Lower cost renewals can help to manage the gap and help bring renewing forward. Local water utilities work with communities to help find levels of service that are required, and can be afforded. Asset plans and service delivery can help plan for asset renewing before it is too late. By knowing what assets exist, how much they cost, how long they last, what services need to be provided, and when the asset need to be renewed, services can continue to be provided into the future. This is sustainable asset management.

Asset management panel

Shane Makin, QUU

Mr Makin outlined what asset management means for QUU. As the water distributor-retailer of Brisbane and Ipswich City Councils, and Lockyer Valley, Scenic Rim and Somerset Regional Councils, QUU manages substantial amounts of new assets from areas of high growth that are only two to three years old, as well as assets in other areas that are over 100 years old. He said the challenge they are faced with is dealing with five asset management approaches, five different asset registers, five different levels of information and five different workplace cultures. If that was not a big enough challenge for the utility, six months after being established they were hit by the Queensland floods.

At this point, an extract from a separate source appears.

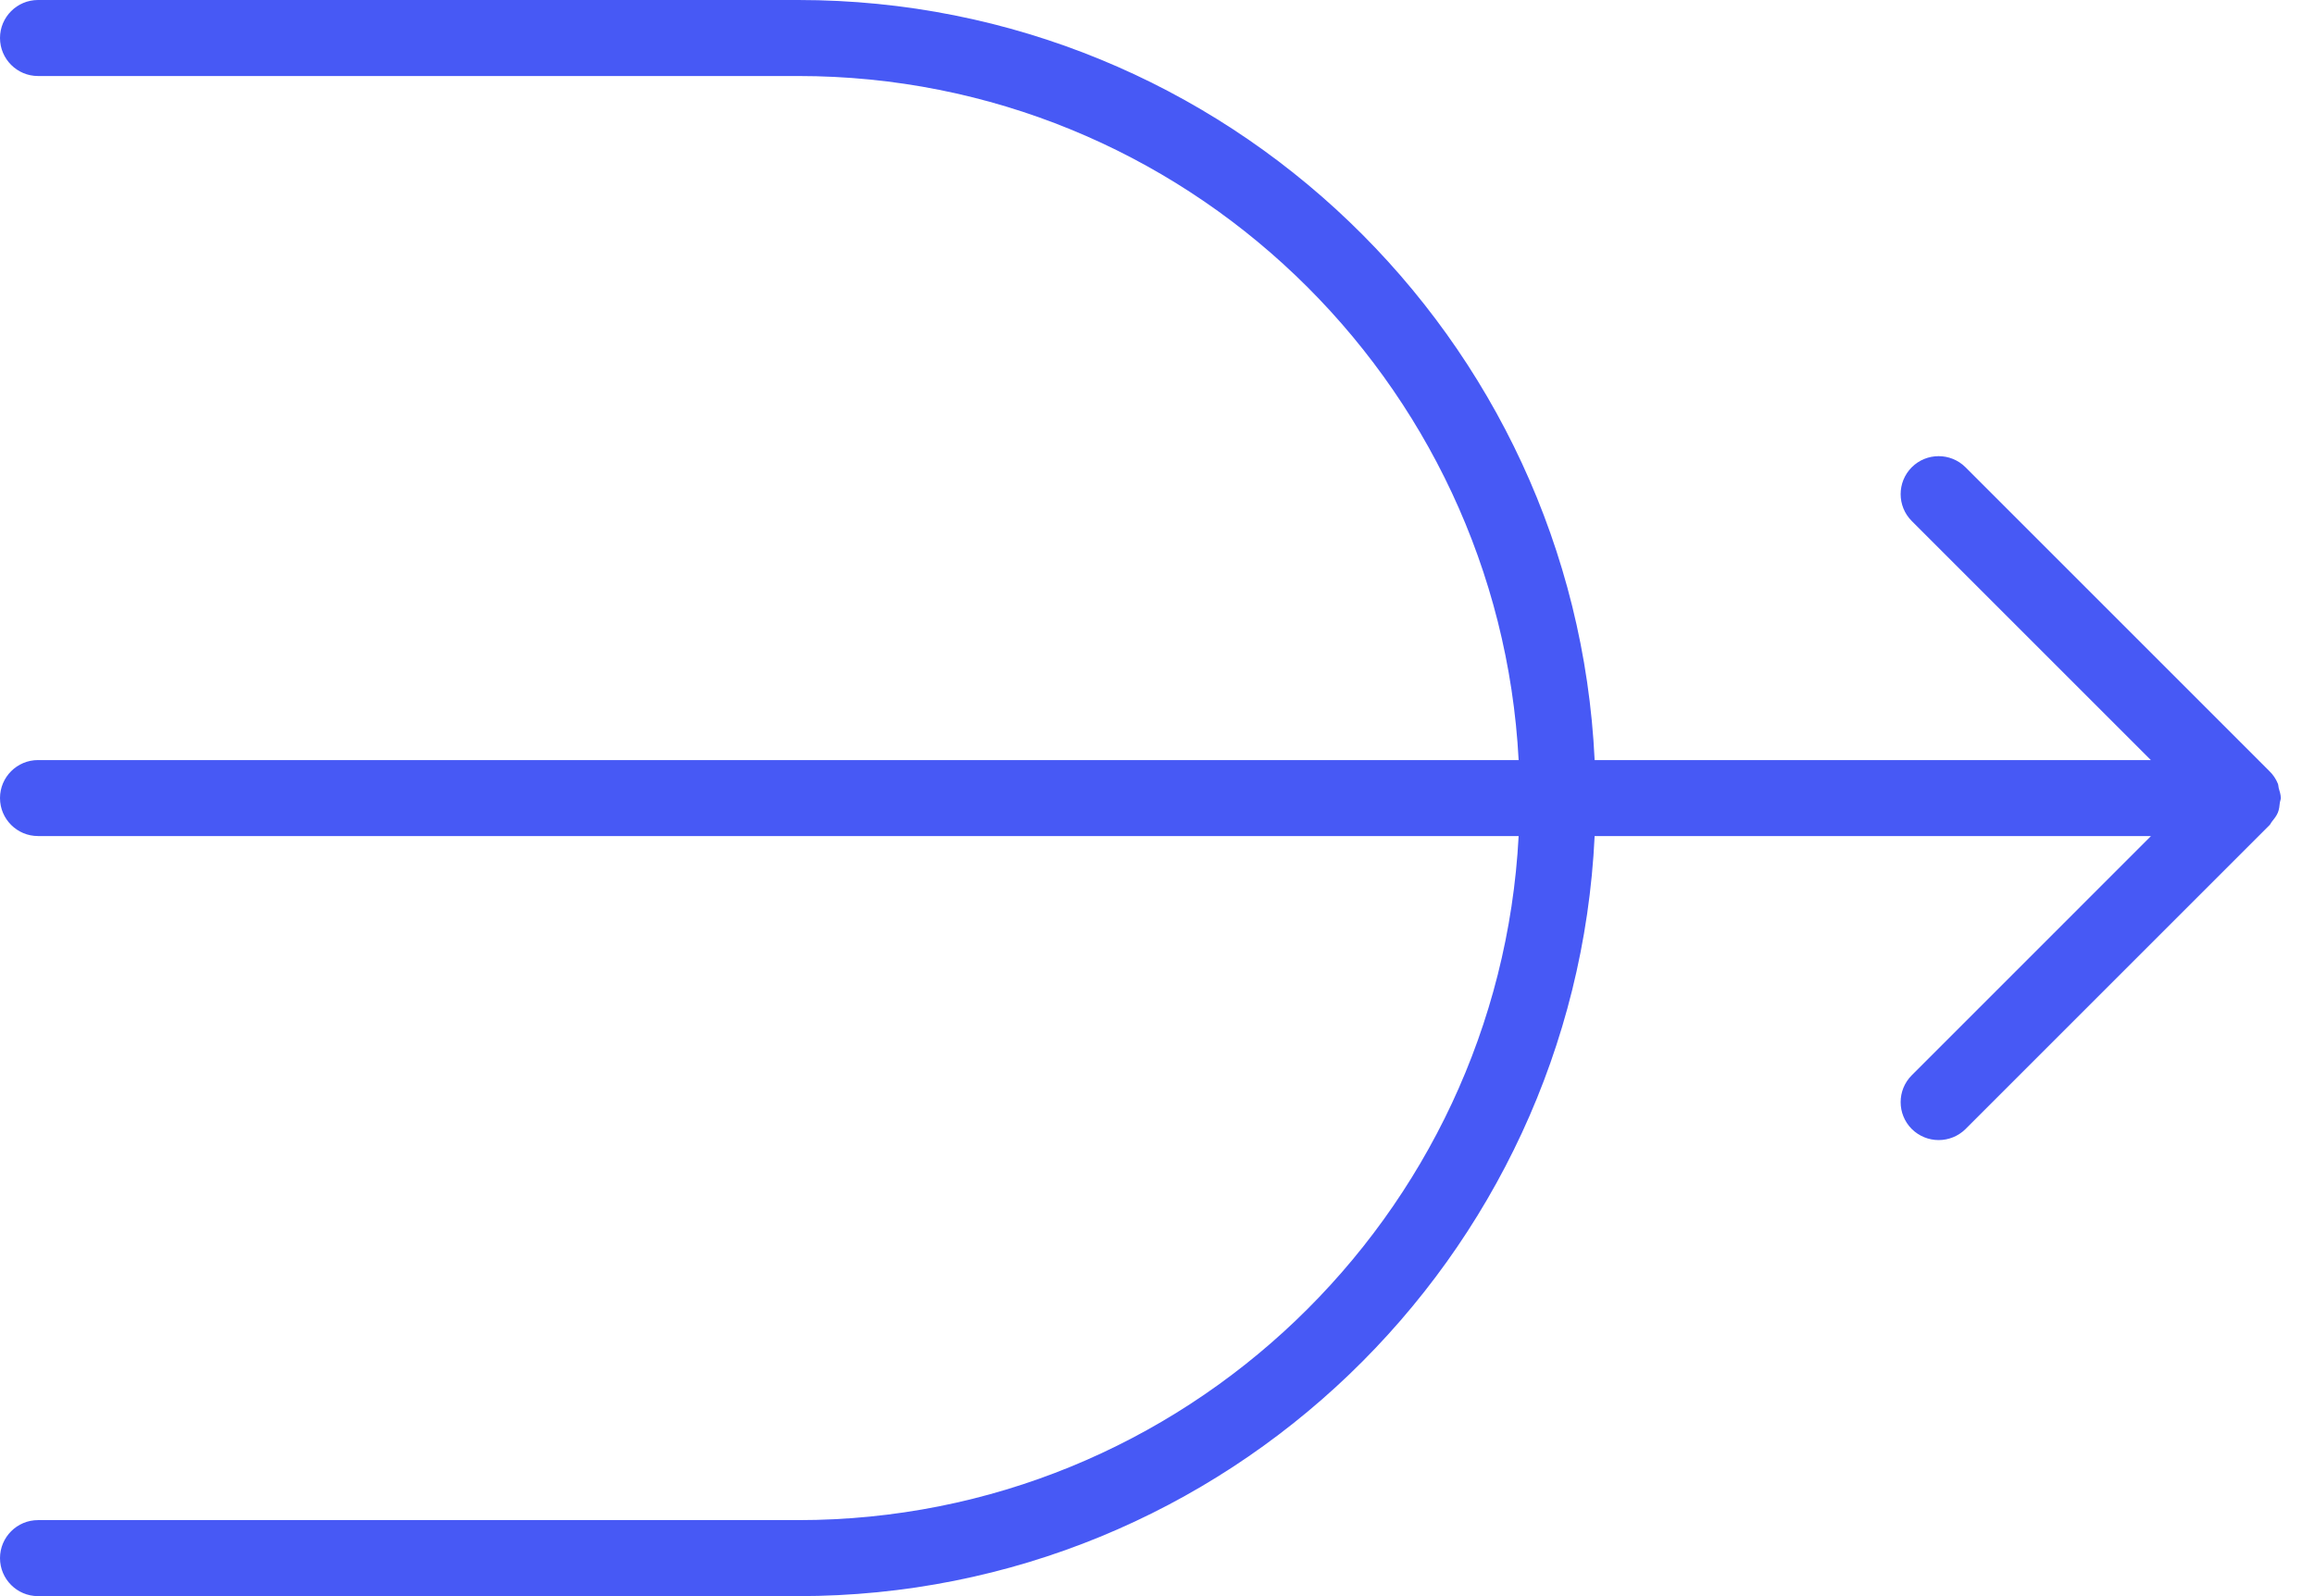 <?xml version="1.0" encoding="UTF-8"?><svg width="58" height="40" viewBox="0 0 58 40" fill="none" xmlns="http://www.w3.org/2000/svg">
<path d="M57.091 19.749C57.082 19.714 57.084 19.676 57.071 19.642C57.021 19.518 56.947 19.41 56.851 19.318L49.244 11.71C48.872 11.339 48.269 11.339 47.897 11.71C47.526 12.082 47.526 12.686 47.897 13.057L53.888 19.048H39.952C39.451 8.463 30.709 0 20 0H0.952C0.427 0 0 0.427 0 0.952C0 1.478 0.427 1.905 0.952 1.905H20C29.655 1.905 37.547 9.514 38.048 19.048H0.952C0.427 19.048 0 19.474 0 20C0 20.526 0.427 20.952 0.952 20.952H38.048C37.547 30.486 29.657 38.095 20 38.095H0.952C0.427 38.095 0 38.522 0 39.048C0 39.573 0.427 40 0.952 40H20C30.707 40 39.45 31.537 39.952 20.952H53.891L47.897 26.947C47.526 27.318 47.526 27.922 47.897 28.293C48.084 28.478 48.328 28.571 48.571 28.571C48.815 28.571 49.059 28.478 49.244 28.295L56.863 20.676C56.889 20.649 56.899 20.615 56.922 20.589C56.977 20.52 57.034 20.45 57.069 20.366C57.103 20.284 57.111 20.196 57.12 20.11C57.126 20.072 57.143 20.038 57.143 20C57.143 19.91 57.114 19.831 57.091 19.749Z" fill="#4759F5"/>
</svg>

The management strategy of QUU is broken into renewable planning and maintenance strategy. Mr Makin said QUU plans its maintenance works by prioritising assets and customer service needs. They also consider industry standards, and look at archived facilities like those of Melbourne Water.

Andy Mclean, NULCA

Mr McLean explained the role of surveyors and service locators in asset management, stating there is a lot of misrepresentation on the services they supply. NULCA is in charge with supplying information on current structures in the field, and identifying strikes and conflicts with existing infrastructure. NULCA works by viewing historical records of a field to see if an asset can be expected in a field environment. If there is historical evidence to indicate there may be a structure in the vicinity, they apply service location techniques to actually physically identify it. Service location gives an indication of alignment of asset location, which is followed by surveying, and lastly validation, which looks at what is represented through surveying to make sure it represents information that can be used for a purpose.

Questions posed

As the floor was opened to questions, the panellists answered a wide range of questions, from what the key challenges in asset management are, to what is done with information obtained from service location, and how the issue of funding can be tackled to bring rehabilitation into the focus over new projects.

The dialogue between the panellists and audience members proved lively and showcased the many strong opinions held by those in the industry on the importance of asset management. Anecdotes were shared by those on both side of the stage, with engaging tales of delegate and speaker involvement in asset management strategies in Australasia.

Following the session the feedback from delegates and attendees was overwhelmingly positive, and discussions on the importance of asset management continued over the remainder of the event.